Once you have your temporary models set up, you can use them as you’d expect:
task :users => :environment do
class OldAndBustedUser < ActiveRecord::Base ; end
class OldAndBustedProfile < ActiveRecord::Base ; end
OldAndBustedUser.find_each(:batch_size => 2000) do |old_and_busted_user|
User.create(:name => old_and_busted_user.name, :email => old_and_busted_user.email)
end
end
…the find_each
being important since we’re in Ruby Land, where instantiating huge object arrays willy-nilly will deplete your available memory faster than the alcohol you experienced on your 21st birthday. You also can set up relationships as needed, too:
task :users => :environment do
class OldAndBustedUser < ActiveRecord::Base
has_one :profile, :class_name => 'OldAndBustedProfile', :foreign_key => 'profile_id'
end
class OldAndBustedProfile < ActiveRecord::Base
belongs_to :user, :class_name => 'OldAndBustedUser'
end
OldAndBustedUser.find_each(:batch_size => 2000) do |old_and_busted_user|
User.create(:name => old_and_busted_user.name,
:email => old_and_busted_user.email,
:twitter_handle => old_and_busted_user.profile.twitter)
end
end
Now for the Pro Tips: if you’re doing a lot of data importing, you’re bound to have to wipe your database and repopulate a gaggle of times. I found a lot of the manual steps in dumping data to be a pain, particularly in terms of importing into the temporary table. So I’d suggest making use of sed
for some fun file replacement (which sure beats having to pick through vi multi-hundred-megabyte-db-dump
every time). Assuming you’re using regular mysqldump
output:
sed -i '' -e 's/`users`/`old_and_busted_users`/g' multi-hundred-megabyte-db-dump.sql
Your mileage may vary on that particular sed
command, though. OS X uses BSD sed
, Linux uses GNU sed
. I’ve found the difference to be the spacing after the -i and before the single quotes (denoting an in-place substitution, which is usually safe enough considering you can always re-dump from MySQL if the file gets corrupted).

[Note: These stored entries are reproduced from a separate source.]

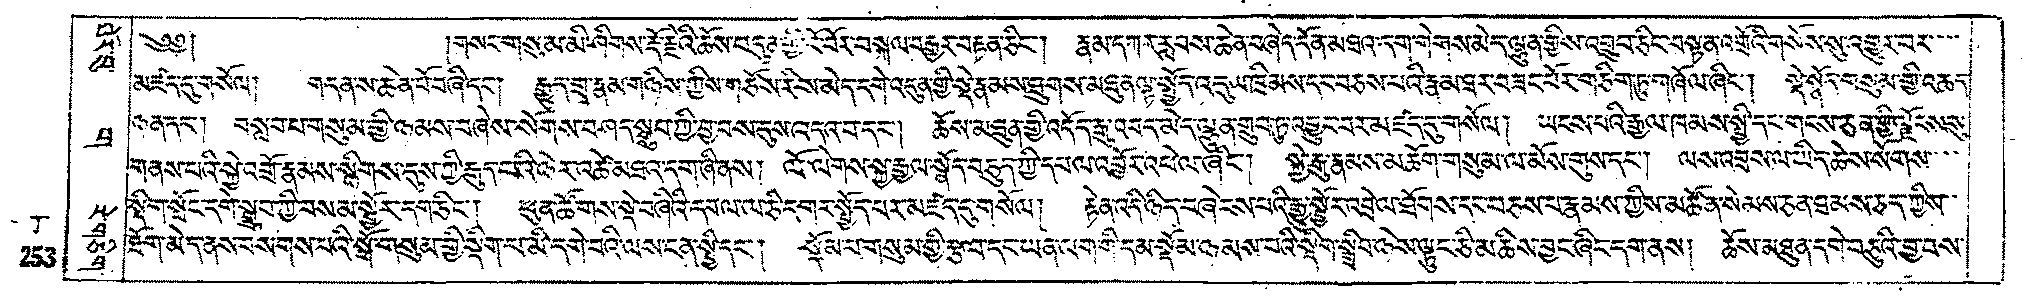༄༅། །གསང་གསུམ་མི་ཤིགས་རྡོ་རྗེའི་ཆོས་བདུན་གྱི་ངོ་བོར་བསྐལ་བརྒྱར་བརྟན་ཅིང་། རྣམ་དཀར་རླབས་ཆེན་བཞེད་དོན་མཐའ་དག་གེགས་མེད་ལྷུན་གྱིས་འགྲུབ་ཅིང་བསྟན་འགྲོའི་གསོས་སུ་འགྱུར་བར་་་
མཛད་དུ་གསོལ། གདན་ས་ཆེན་པོ་བཞི་དང་། རྒྱུད་གྲྭ་རྣམ་གཉིས་ཀྱིས་གཙོས་རིས་མེད་དགེ་འདུན་གྱི་སྡེ་རྣམས་ཐུགས་མཐུན་ལྟ་སྤྱོད་འདུལ་ཁྲིམས་དང་བཅས་པའི་རྣམ་ཐར་བཟང་པོར་གཅིག་ཏུ་གཞོལ་ཞིང་། སྡེ་སྣོད་གསུམ་གྱི་འཆད་
ཉན་དང་། བསླབ་པ་གསུམ་གྱི་ཉམས་བཞེས་སོགས་བཤད་སྒྲུབ་ཀྱི་བྱ་བས་དུས་འདའ་བ་དང་། ཆོས་མཐུན་གྱི་འདོད་རྒུ་འབད་མེད་ལྷུན་གྲུབ་ཏུ་འབྱུང་བར་མཛད་དུ་གསོལ། ཡངས་པའི་རྒྱལ་ཁམས་སྤྱི་དང་གངས་ཅན་གྱི་ལྗོངས་སུ་
གནས་པའི་སྐྱེ་འགྲོ་རྣམས་སྙིགས་དུས་ཀྱི་རྒུད་པའི་ཉེར་འཚེ་མཐའ་དག་ཞི་ནས། ལོ་ལེགས་སྐྱ་རྒྱལ་སྣོད་བཅུད་ཀྱི་དཔལ་འབྱོར་འཕེལ་ཞིང་། སྐྱེ་རྒུ་རྣམས་མཆོག་གསུམ་ལ་མོས་གུས་དང་། ལས་འབྲས་ལ་ཡིད་ཆེས་སོགས་་་
སྡིག་སྤོང་དགེ་སྒྲུབ་ཀྱི་བསམ་སྦྱོར་དག་ཅིང་། ཕུན་ཚོགས་སྡེ་བཞིའི་དཔལ་ལ་ཅི་དགར་སྤྱོད་པར་མཛད་དུ་གསོལ། རྟེན་འདི་ཉིད་བཞེངས་པའི་རྒྱུ་སྦྱོར་འབྲེལ་ཐོགས་དང་བཅས་པ་རྣམས་ཀྱིས་མཚོན་སེམས་ཅན་ཐམས་ཅད་ཀྱིས་་་
ཐོག་མེད་ནས་བསགས་པའི་སྒོ་གསུམ་གྱི་སྡིག་པ་མི་དགེ་བའི་ལས་ངན་སྤྱི་དང་། སྡོམ་པ་གསུམ་གྱི་རྩ་བ་དང་ཡན་ལག་གི་དམ་སྡོམ་ཉམས་པའི་སྡིག་སྒྲིབ་ཉེས་ལྟུང་ཅི་མཆིས་བྱང་ཞིང་དག་ནས། ཆོས་མཐུན་དགེ་བཅུའི་བྱ་བས་

Since we’re dealing with Rails, we get all the fun magic methods, but they’re not all fun and games: they’ll overwrite your created_at
and updated_at
fields. Have no fear; record_timestamps
is here:
ActiveRecord::Base.record_timestamps = false
method_that_does_crazy_zany_stuff
ActiveRecord::Base.record_timestamps = true
You’ll also want to think about turning validations on or off (with a user.save
or user.save(false)
)– validations are good for ensuring the validity of your data, but it’s another point of slowness, and if you’re importing legacy data there’s a good chance your data might break validations anyway.
If all else fails, IMDB maintains a startlingly large repository of Dr. Quinn quotes.